**Instructions for the task**
Each line of the data below between the one containing "Acquired with a Nidek AFC-330." and the one containing "The optic disc", both included, is to be repeated exactly. Please omit pictures.
** Opening Given records block **
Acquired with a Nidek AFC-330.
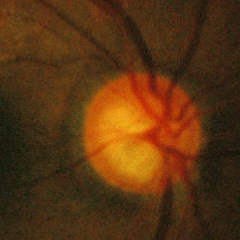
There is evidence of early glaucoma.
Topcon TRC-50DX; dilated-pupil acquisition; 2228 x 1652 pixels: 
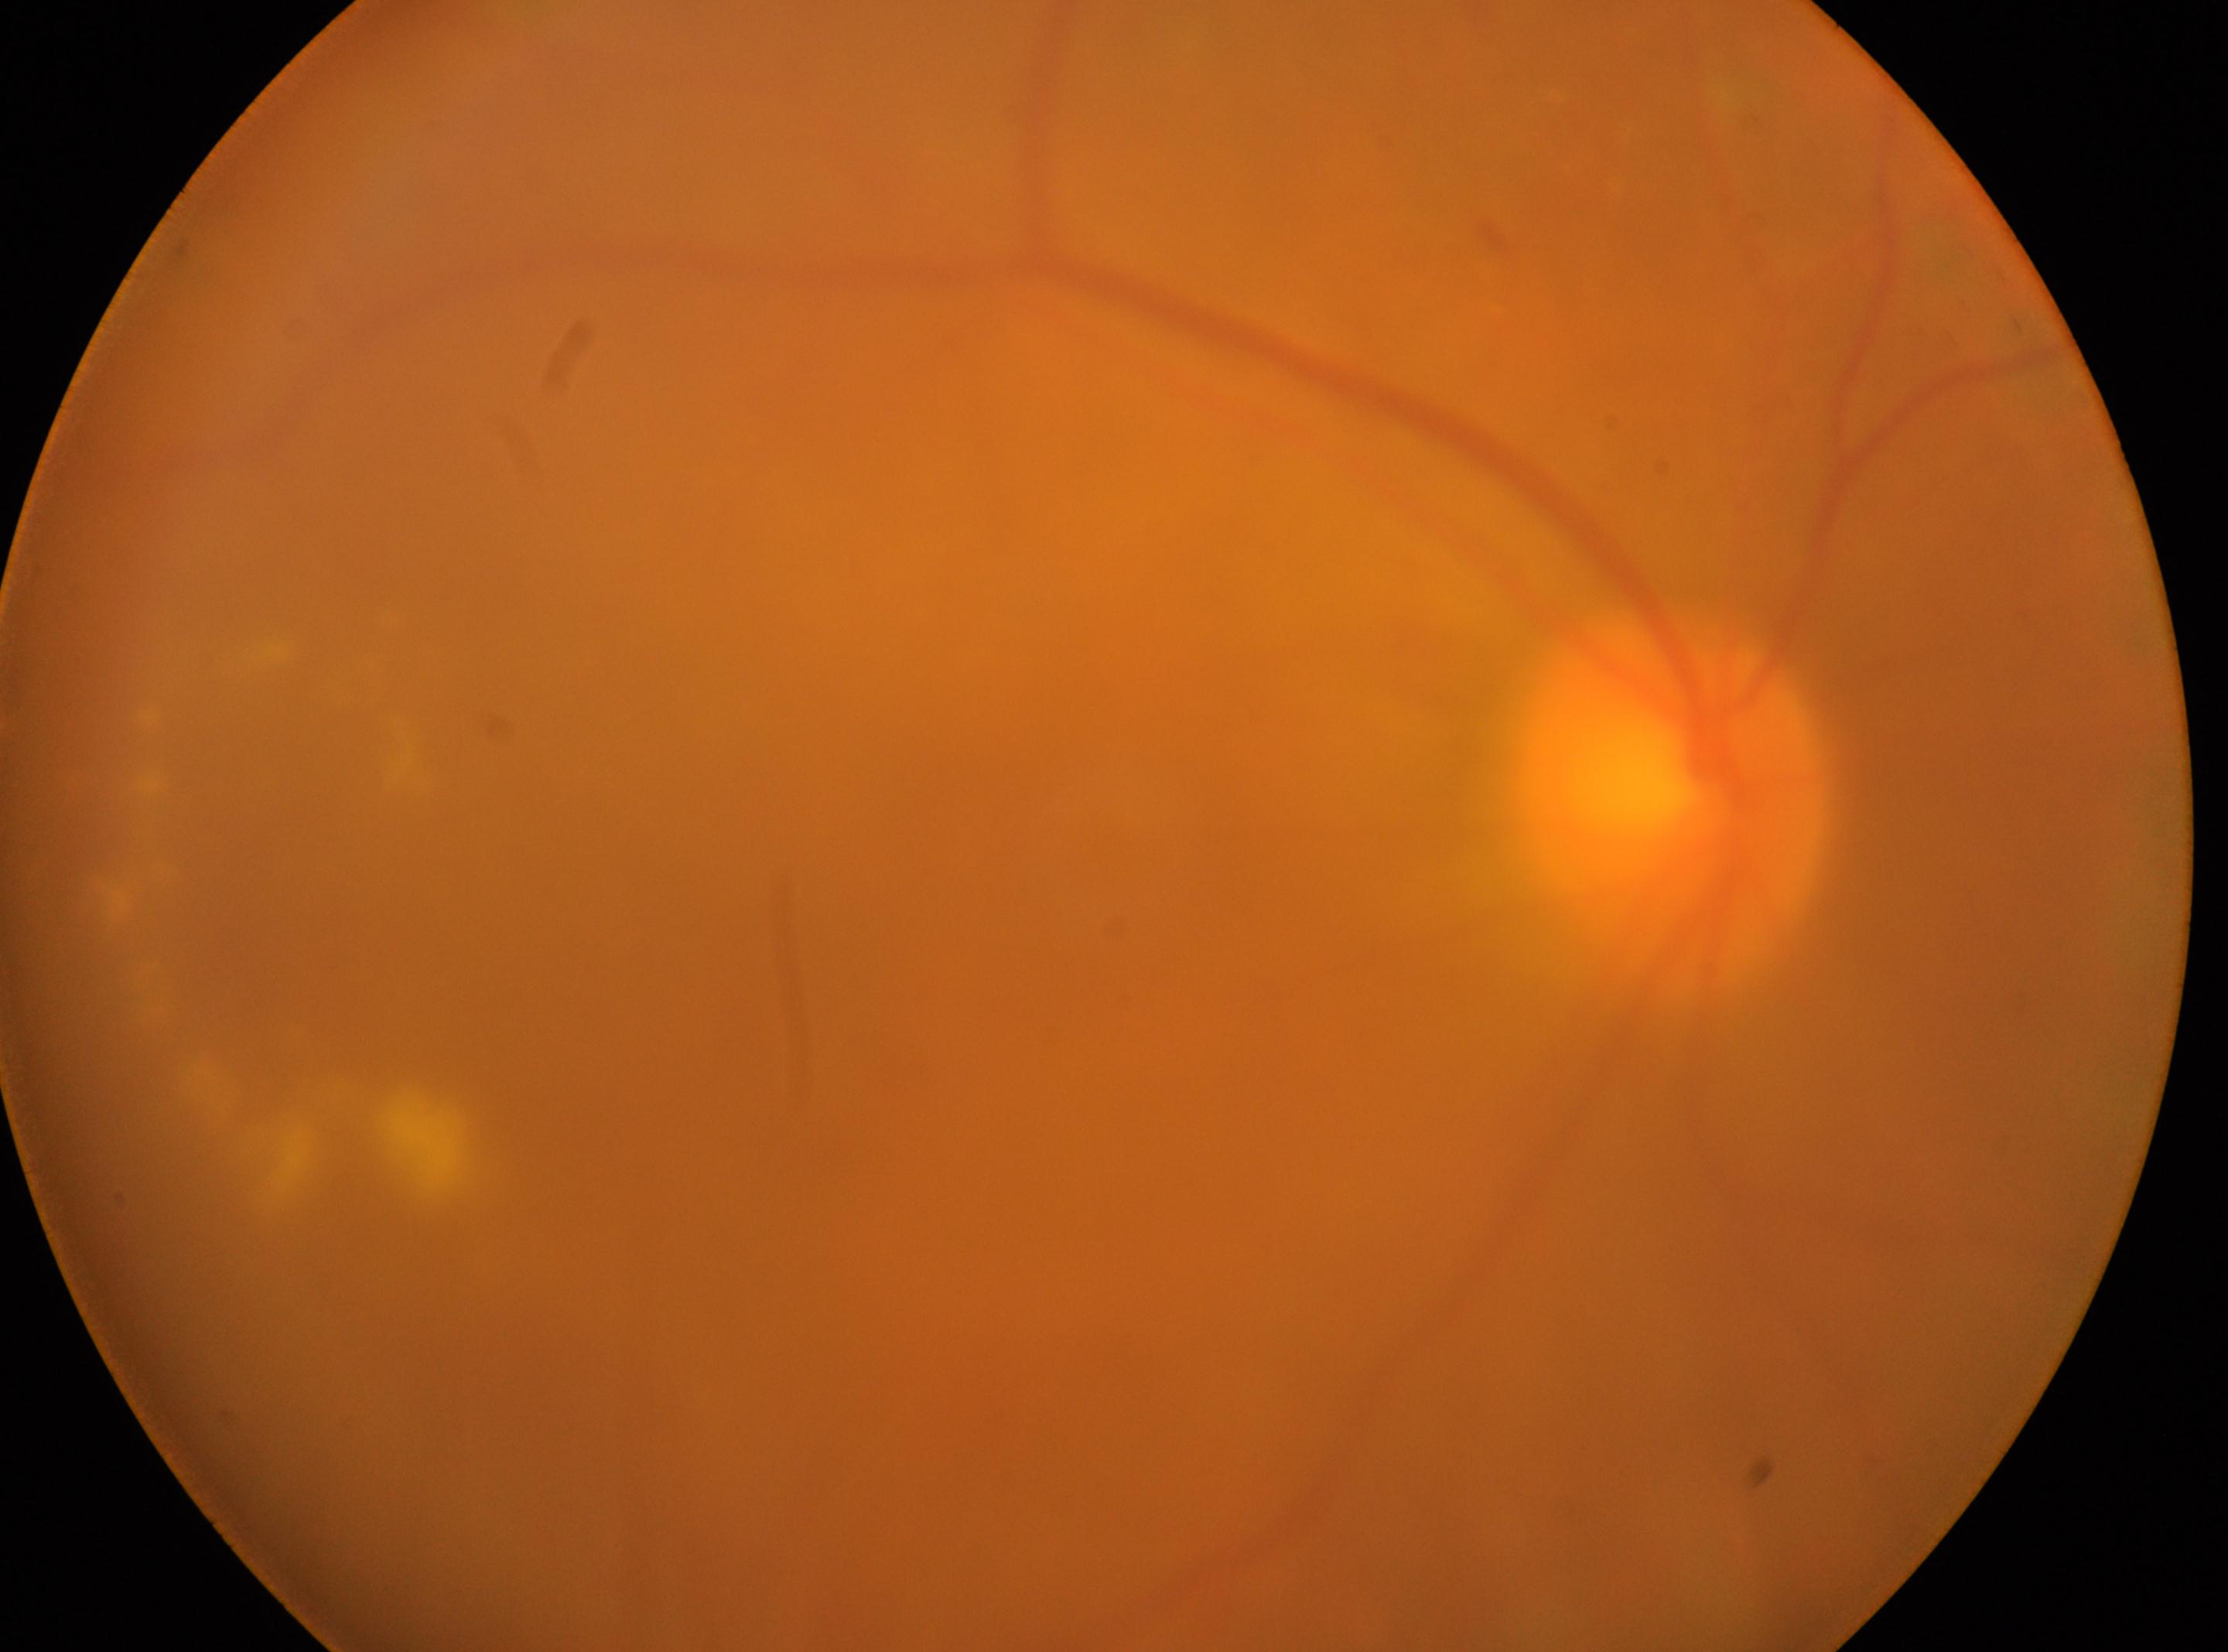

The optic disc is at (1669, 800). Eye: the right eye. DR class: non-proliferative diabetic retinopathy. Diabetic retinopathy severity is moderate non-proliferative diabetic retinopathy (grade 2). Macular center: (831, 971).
** Closing Given records block **
** Opening Given records block **
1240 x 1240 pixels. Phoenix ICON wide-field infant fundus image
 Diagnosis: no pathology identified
** Closing Given records block **
** Opening Given records block **
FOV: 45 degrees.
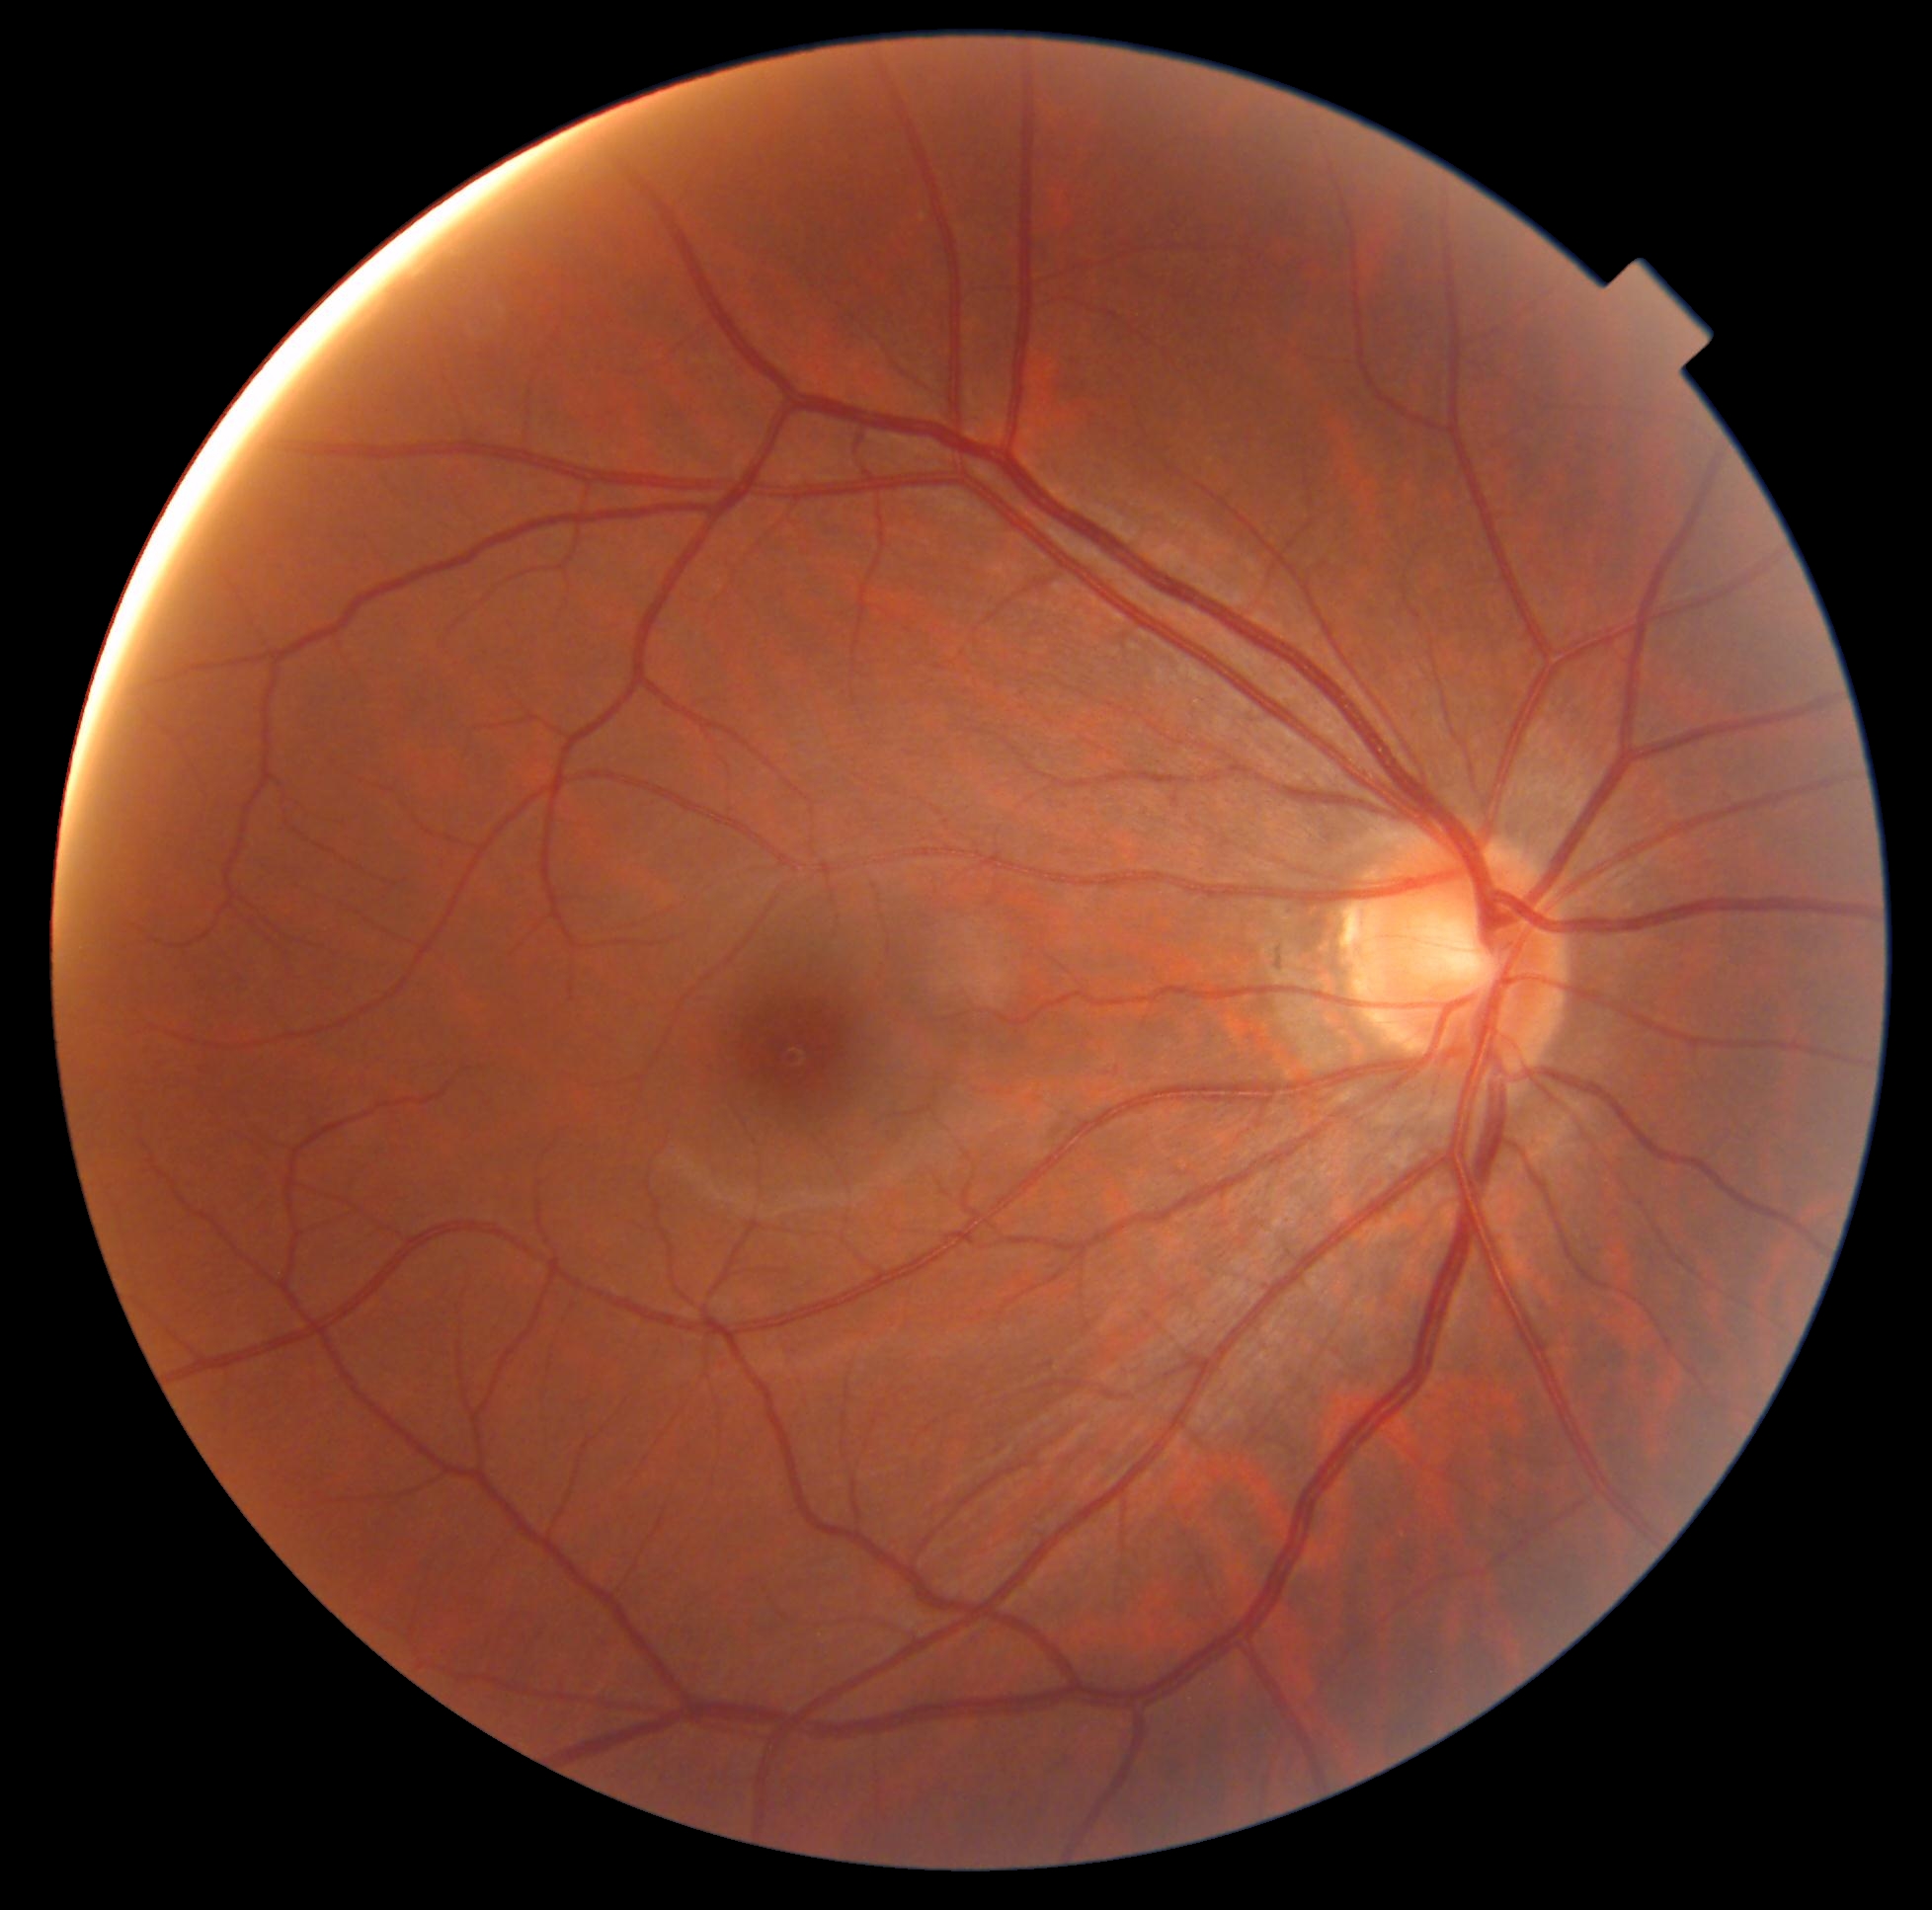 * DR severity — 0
** Closing Given records block **
**Response to the exercise**
Acquired with a Nidek AFC-330.
There is evidence of early glaucoma.
Topcon TRC-50DX; dilated-pupil acquisition; 2228 x 1652 pixels: 

The optic disc is at (1669, 800). Eye: the right eye. DR class: non-proliferative diabetic retinopathy. Diabetic retinopathy severity is moderate non-proliferative diabetic retinopathy (grade 2). Macular center: (831, 971).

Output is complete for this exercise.